The mime routine that airline attendants go through before take-off is the same in English and Spanish. That would have been the only observation I would have had from the 2 hour flight from Mexico City to Cancun if it weren't for Isidore. Every time I travel, be it to a new place or a familiar old place I always hope that a conversation is struck with a fellow traveler. I confess of multiple evenings spent in a coffee shop or bakery hoping that some one comes and shares the table and strikes up a conversation. Shy wouldn't be the first adjective that would be used to describe me by people in the know, but in this romantic yearning for twirling, spirited conversations I usually wish someone else takes the lead.

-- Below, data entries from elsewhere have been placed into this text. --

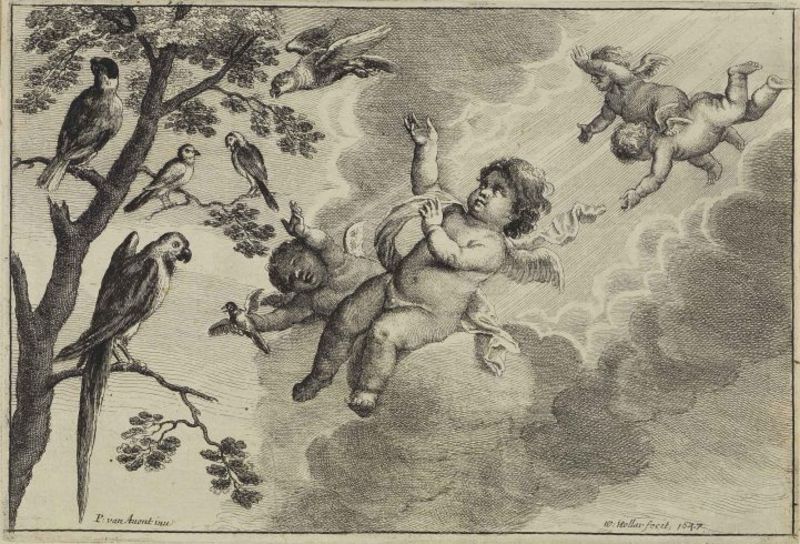
Titel: Die Luft
Künstler: Wenzel Hollar
Standort: Karlsruhe
Institution: Staatliche Kunsthalle Karlsruhe
Schlagwörter: baum, blätter, flügel, gott, hand, himmel, laub, nackt, vogel, weiß, wolken, äste, geste, schwarz, skizze, szene, zeichnung, schal, tuch, wolke, schleife, augen, band, rahmen, hände, signatur, ast, stamm, vögel, zweige, haare, kind, blatt, locken, renaissance, fliegen, kinder, engel, engelchen, putte, putto, schrift, schnabel, enge, knaben, grafik, graphik, flattern, sturm, dick, spielen, zeigen, fallen, regen, fett, spiel, paradies, froh, unbekleidet, religion, strahlen, flug, kohle, zweig, schweben, druck, druckgraphik, schwarz weiß, radierung, stich, lockig, baun, fliegend, bleistift, allegorie, bacchus, fangen, sturz, eiche, deuten, kitsch, papagei, amor, heilig, putten, kupferstich, flügelchen, putti, bäuche, singvogel, papageien, eengel, vögek, fliegt, äaste, engeln, vgel, gliegen, 3, 6, ögel, 1600, 5, 1547, 1597, 1517, 1647, sperber, aust baum, spaaß
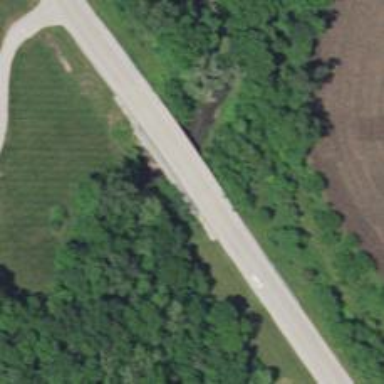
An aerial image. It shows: Abandoned railway adjacent to unclassified road.
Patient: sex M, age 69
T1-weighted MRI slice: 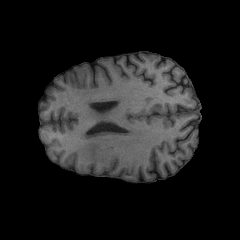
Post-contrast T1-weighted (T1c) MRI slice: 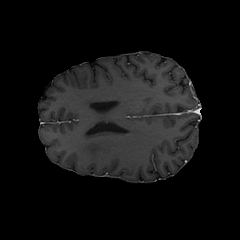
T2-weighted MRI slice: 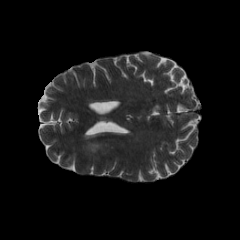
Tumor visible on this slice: yes
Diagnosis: Glioblastoma, IDH-wildtype
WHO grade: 4
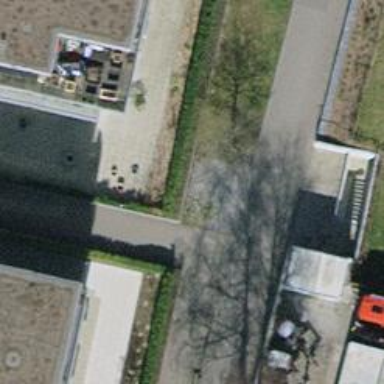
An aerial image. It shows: Hedge barrier.
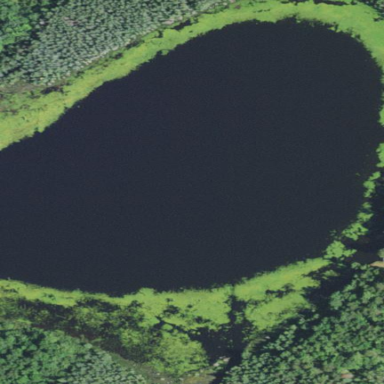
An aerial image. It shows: Beautiful lake surrounded by nature.
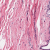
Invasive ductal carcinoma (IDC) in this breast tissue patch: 0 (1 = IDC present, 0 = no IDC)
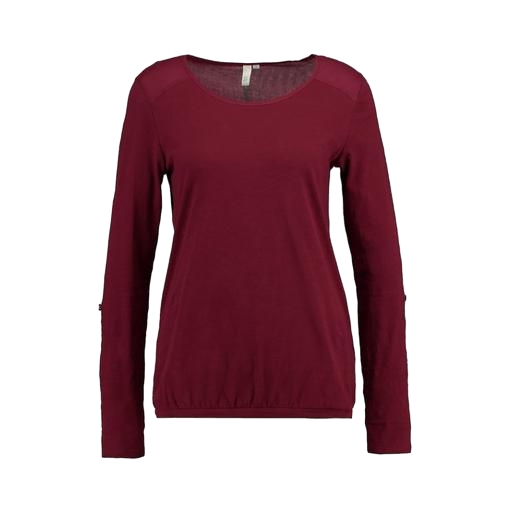
long-sleeve top, longsleeve t-shirt, red long-sleeve t-shirt, white background
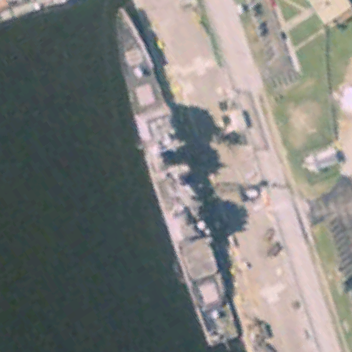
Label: cruiser
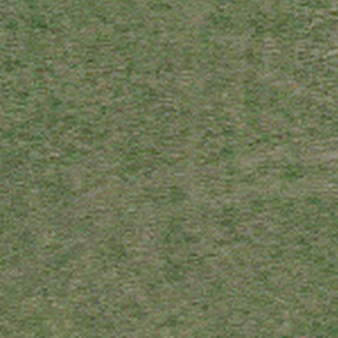
Label: other
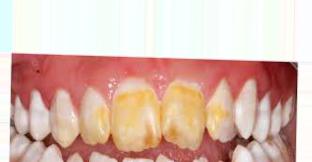
Condition: Tooth Discoloration
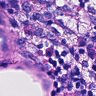
Metastatic tissue present: no
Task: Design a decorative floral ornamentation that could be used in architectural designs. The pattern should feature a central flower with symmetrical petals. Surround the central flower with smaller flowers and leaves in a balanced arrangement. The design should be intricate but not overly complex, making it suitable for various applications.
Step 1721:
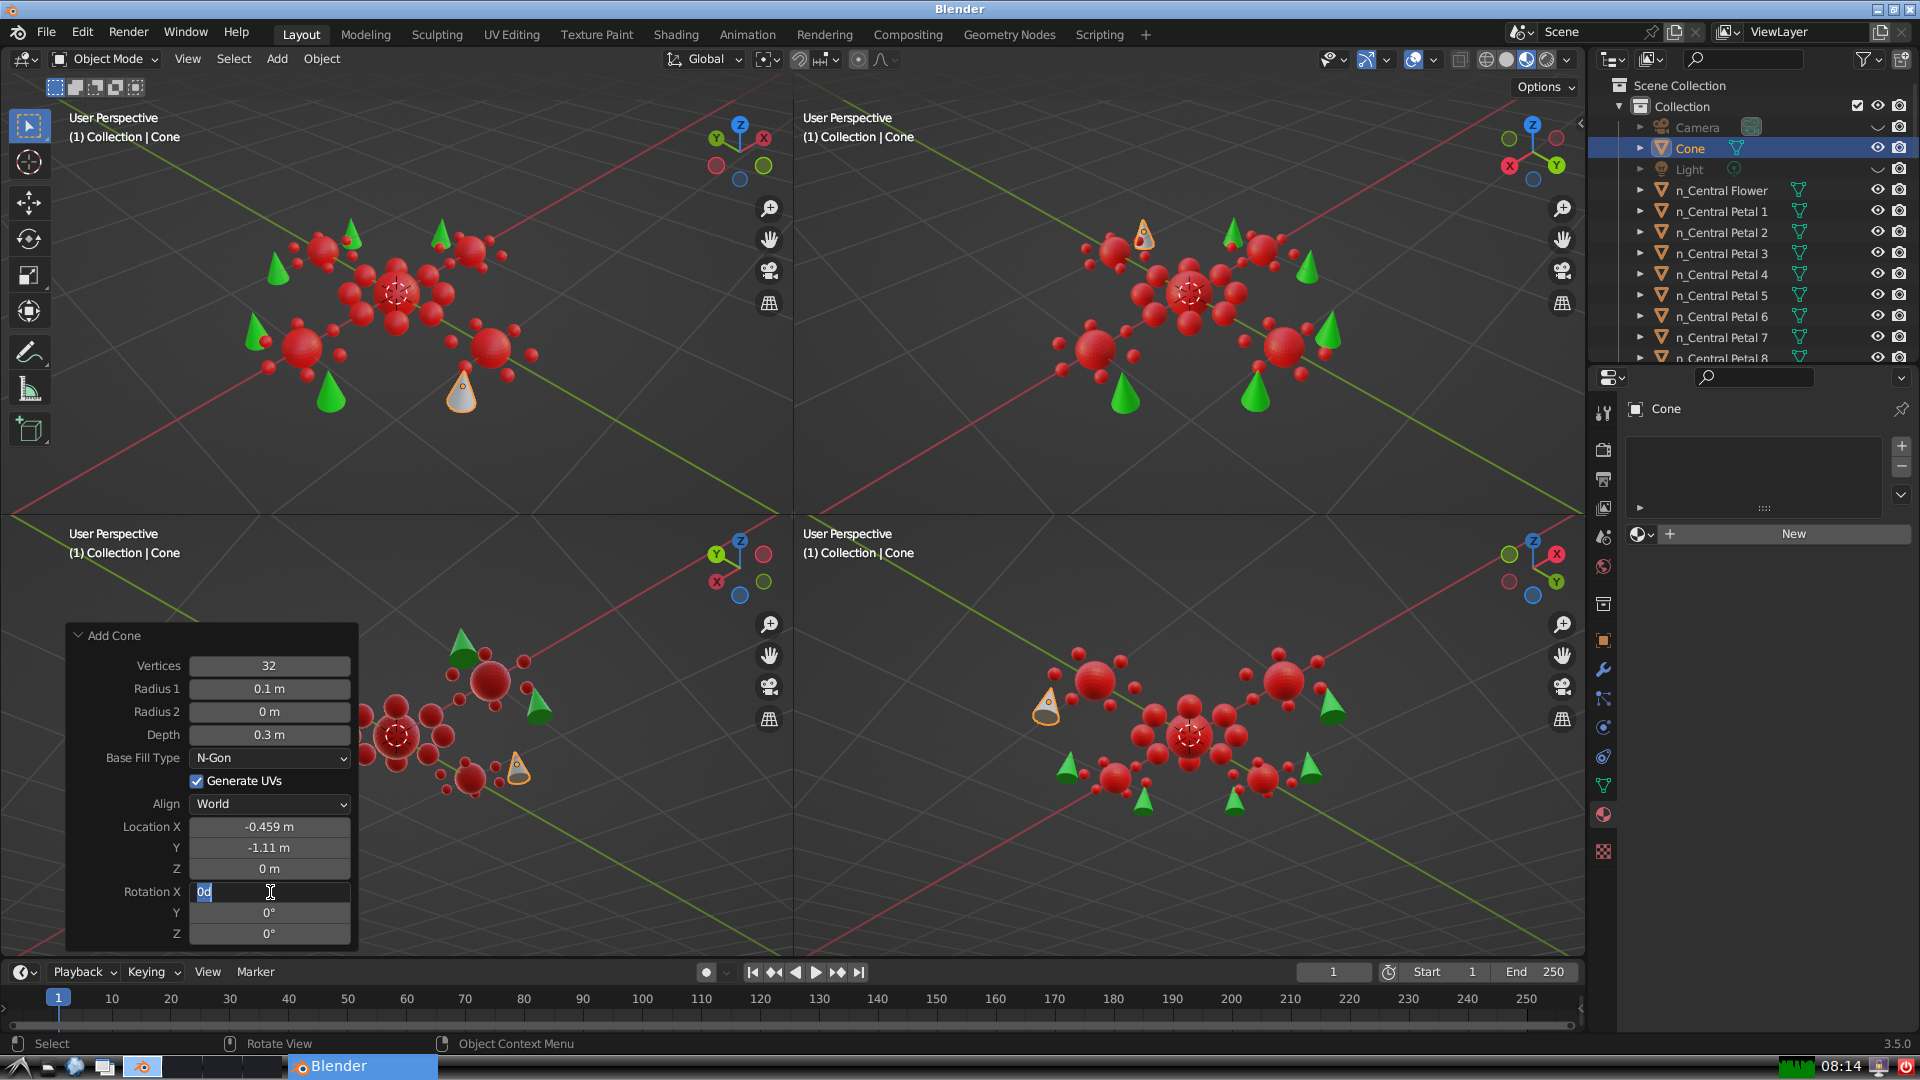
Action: input_text: 0.0
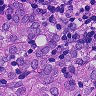
Metastatic tissue present: yes
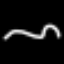
Label: squiggle
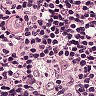
Metastatic tissue present: no
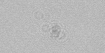
Label: camera_spot
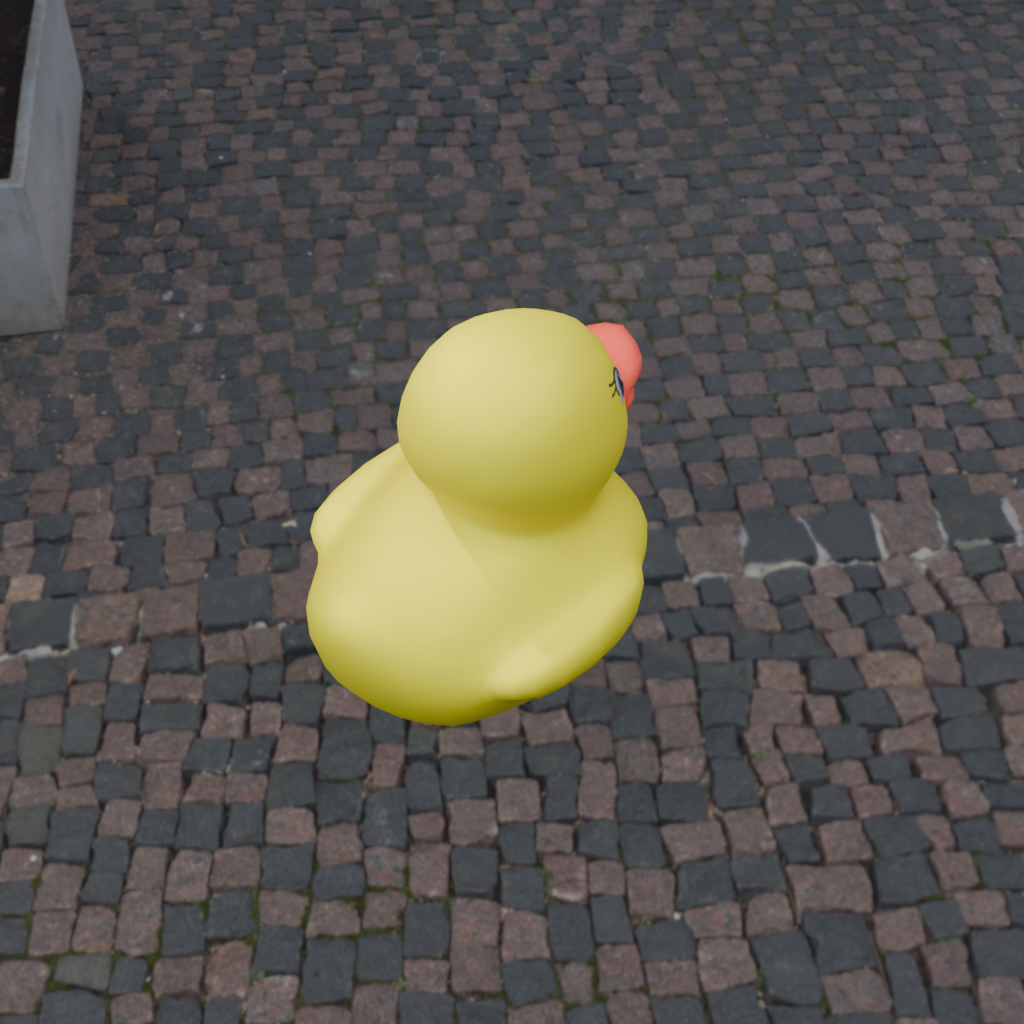
an image of a yellow rubber duck seen from <back_right_top> ourtyard with historic red brick buildings.
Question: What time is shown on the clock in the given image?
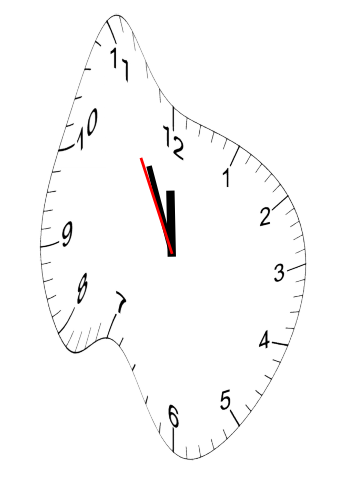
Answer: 11:55:55

Isidore did. Isidore isn't even his name. In this most opportune moment, his actual name seems to  escape me. Where you from? leads to him mentioning that he had lived in India for 6 months. In Beer. My brain goes through the states and capitals and towns of India. I am thinking this must be some place in Rajasthan or Himachal. Luckily he mentions Buddhism and Bodh Gaya and Beer transforms to Bihar and my panic attack is nipped in the bud. I tell him I have never been there and I am from the south of India. 

He spent most of his time in "Beer" but did travel to Delhi and Agra. He found India very safe he says. I said that's nice to know as many find Delhi unsafe and the media loves to talk about the rapes and other forms of violence that women and tourists and citizens face in that part of the country. Isidore shrugs and says that's nonsense. He says his entire perspective of India and safety changed when he became aware that no one carries guns in India. "I can run away from a knife or a stick. I always have a chance when someone comes to me and threatens. I like 50:50 odds. In Mexico or the States, if someone comes up to me asking for money I have no choice but to hand over everything. They are most likely carrying a gun and they are either on drugs or alcohol and may even shoot you after you hand over everything. One can't run away from a bullet. Threaten me with a knife any day!"

29 years of living in India and that thought had never come to my mind.